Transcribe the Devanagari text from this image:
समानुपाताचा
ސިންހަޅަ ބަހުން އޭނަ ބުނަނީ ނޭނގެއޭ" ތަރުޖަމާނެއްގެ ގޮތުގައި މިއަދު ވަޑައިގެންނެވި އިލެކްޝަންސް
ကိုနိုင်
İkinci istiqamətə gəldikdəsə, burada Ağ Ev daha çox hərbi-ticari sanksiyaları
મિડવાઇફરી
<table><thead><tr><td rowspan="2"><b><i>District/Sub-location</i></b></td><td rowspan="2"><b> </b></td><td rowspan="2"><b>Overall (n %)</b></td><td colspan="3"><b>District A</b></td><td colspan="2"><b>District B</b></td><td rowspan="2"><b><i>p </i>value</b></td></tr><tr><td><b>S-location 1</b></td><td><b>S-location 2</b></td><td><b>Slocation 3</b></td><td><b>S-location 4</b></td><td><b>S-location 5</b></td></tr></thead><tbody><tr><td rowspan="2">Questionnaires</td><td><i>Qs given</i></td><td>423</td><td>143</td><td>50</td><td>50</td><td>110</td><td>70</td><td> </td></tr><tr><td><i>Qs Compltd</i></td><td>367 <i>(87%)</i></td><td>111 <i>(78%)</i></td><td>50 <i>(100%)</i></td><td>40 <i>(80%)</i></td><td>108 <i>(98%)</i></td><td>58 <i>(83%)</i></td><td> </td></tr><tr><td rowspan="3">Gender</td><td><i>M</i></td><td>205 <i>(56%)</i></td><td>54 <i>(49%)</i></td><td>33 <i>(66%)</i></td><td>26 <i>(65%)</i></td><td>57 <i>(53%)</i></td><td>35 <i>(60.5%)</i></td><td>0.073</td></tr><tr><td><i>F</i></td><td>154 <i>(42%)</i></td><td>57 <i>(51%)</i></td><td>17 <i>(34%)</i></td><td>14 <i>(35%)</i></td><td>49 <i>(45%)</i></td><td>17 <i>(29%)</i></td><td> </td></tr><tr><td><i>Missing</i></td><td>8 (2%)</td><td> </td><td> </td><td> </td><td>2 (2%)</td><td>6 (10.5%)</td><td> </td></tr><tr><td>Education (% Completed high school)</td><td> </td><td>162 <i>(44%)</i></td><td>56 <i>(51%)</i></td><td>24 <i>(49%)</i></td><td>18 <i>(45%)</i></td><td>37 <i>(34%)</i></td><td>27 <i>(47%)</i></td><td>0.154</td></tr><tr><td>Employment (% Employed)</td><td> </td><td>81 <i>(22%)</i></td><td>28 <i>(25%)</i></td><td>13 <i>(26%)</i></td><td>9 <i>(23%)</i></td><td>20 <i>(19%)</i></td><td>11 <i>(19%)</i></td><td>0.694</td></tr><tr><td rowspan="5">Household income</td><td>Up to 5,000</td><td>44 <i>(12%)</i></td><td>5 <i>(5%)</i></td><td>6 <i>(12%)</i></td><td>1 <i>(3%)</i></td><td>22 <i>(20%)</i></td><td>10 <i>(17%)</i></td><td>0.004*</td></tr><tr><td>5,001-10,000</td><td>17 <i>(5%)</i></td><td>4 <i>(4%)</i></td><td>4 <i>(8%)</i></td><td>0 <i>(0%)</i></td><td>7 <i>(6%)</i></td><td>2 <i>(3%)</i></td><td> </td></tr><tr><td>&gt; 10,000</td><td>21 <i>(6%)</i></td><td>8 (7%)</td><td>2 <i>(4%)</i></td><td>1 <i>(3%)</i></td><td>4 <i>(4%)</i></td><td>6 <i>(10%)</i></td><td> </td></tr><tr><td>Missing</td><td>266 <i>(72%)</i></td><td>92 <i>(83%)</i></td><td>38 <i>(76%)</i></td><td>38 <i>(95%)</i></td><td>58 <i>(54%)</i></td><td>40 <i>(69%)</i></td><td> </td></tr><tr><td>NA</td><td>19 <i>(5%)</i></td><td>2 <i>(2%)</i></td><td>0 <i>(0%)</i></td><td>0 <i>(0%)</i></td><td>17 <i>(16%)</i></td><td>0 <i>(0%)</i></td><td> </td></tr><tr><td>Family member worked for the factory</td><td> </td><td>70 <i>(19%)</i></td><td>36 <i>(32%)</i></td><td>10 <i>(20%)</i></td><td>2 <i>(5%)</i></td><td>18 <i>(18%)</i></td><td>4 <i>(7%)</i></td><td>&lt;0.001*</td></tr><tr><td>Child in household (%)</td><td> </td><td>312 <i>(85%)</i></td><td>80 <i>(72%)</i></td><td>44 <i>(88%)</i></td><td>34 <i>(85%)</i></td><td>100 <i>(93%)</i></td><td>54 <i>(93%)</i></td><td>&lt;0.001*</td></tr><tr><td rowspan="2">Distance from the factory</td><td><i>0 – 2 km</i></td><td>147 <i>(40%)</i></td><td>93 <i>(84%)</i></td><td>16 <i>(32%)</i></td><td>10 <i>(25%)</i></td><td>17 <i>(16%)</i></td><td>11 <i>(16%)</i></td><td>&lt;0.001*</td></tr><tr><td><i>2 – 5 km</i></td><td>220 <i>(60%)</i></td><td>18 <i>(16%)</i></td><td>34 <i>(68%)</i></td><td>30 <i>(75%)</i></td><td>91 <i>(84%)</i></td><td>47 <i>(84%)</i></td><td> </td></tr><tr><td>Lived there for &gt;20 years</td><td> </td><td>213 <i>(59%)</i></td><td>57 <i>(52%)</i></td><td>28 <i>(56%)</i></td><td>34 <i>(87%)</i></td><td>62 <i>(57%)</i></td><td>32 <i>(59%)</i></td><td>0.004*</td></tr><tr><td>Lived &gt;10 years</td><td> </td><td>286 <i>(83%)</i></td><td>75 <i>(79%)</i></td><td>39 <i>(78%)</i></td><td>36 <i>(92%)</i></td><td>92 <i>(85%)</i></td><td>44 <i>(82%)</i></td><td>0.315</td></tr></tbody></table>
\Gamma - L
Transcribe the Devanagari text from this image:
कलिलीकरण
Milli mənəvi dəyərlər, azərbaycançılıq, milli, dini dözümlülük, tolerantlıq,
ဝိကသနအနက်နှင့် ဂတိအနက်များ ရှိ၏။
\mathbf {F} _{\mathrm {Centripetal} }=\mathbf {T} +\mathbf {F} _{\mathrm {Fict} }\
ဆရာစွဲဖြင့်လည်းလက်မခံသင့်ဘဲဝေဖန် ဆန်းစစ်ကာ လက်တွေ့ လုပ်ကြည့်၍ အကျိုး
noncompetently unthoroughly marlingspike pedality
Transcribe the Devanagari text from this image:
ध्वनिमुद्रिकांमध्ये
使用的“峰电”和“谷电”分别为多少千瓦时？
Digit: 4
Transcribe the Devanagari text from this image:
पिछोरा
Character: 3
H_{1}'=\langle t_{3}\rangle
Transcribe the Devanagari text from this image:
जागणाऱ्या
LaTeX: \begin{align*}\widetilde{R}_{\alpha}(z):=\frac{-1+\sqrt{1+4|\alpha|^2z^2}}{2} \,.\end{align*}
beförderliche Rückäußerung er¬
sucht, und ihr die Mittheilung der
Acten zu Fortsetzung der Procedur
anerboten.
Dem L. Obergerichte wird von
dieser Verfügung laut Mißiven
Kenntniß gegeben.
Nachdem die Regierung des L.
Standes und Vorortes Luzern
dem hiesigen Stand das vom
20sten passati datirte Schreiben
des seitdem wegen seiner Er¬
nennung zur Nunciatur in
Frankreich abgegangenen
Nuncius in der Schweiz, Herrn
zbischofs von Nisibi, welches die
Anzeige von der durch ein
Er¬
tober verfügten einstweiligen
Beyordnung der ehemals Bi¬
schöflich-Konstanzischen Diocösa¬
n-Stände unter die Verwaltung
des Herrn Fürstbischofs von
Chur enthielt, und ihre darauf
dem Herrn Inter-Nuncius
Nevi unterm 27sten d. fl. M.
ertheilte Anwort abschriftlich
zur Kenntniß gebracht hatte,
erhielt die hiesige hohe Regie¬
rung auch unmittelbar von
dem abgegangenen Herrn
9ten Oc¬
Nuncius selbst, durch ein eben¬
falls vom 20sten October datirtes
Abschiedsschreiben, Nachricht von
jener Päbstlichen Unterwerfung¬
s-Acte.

=====

• _About this task_: In the records above, find the line containing "zbischofs von Nisibi, welches die"; please retype it and every line after it through the last line, exactly and with nothing else.

• _Expected answer_:
zbischofs von Nisibi, welches die
Anzeige von der durch ein
Er¬
tober verfügten einstweiligen
Beyordnung der ehemals Bi¬
schöflich-Konstanzischen Diocösa¬
n-Stände unter die Verwaltung
des Herrn Fürstbischofs von
Chur enthielt, und ihre darauf
dem Herrn Inter-Nuncius
Nevi unterm 27sten d. fl. M.
ertheilte Anwort abschriftlich
zur Kenntniß gebracht hatte,
erhielt die hiesige hohe Regie¬
rung auch unmittelbar von
dem abgegangenen Herrn
9ten Oc¬
Nuncius selbst, durch ein eben¬
falls vom 20sten October datirtes
Abschiedsschreiben, Nachricht von
jener Päbstlichen Unterwerfung¬
s-Acte.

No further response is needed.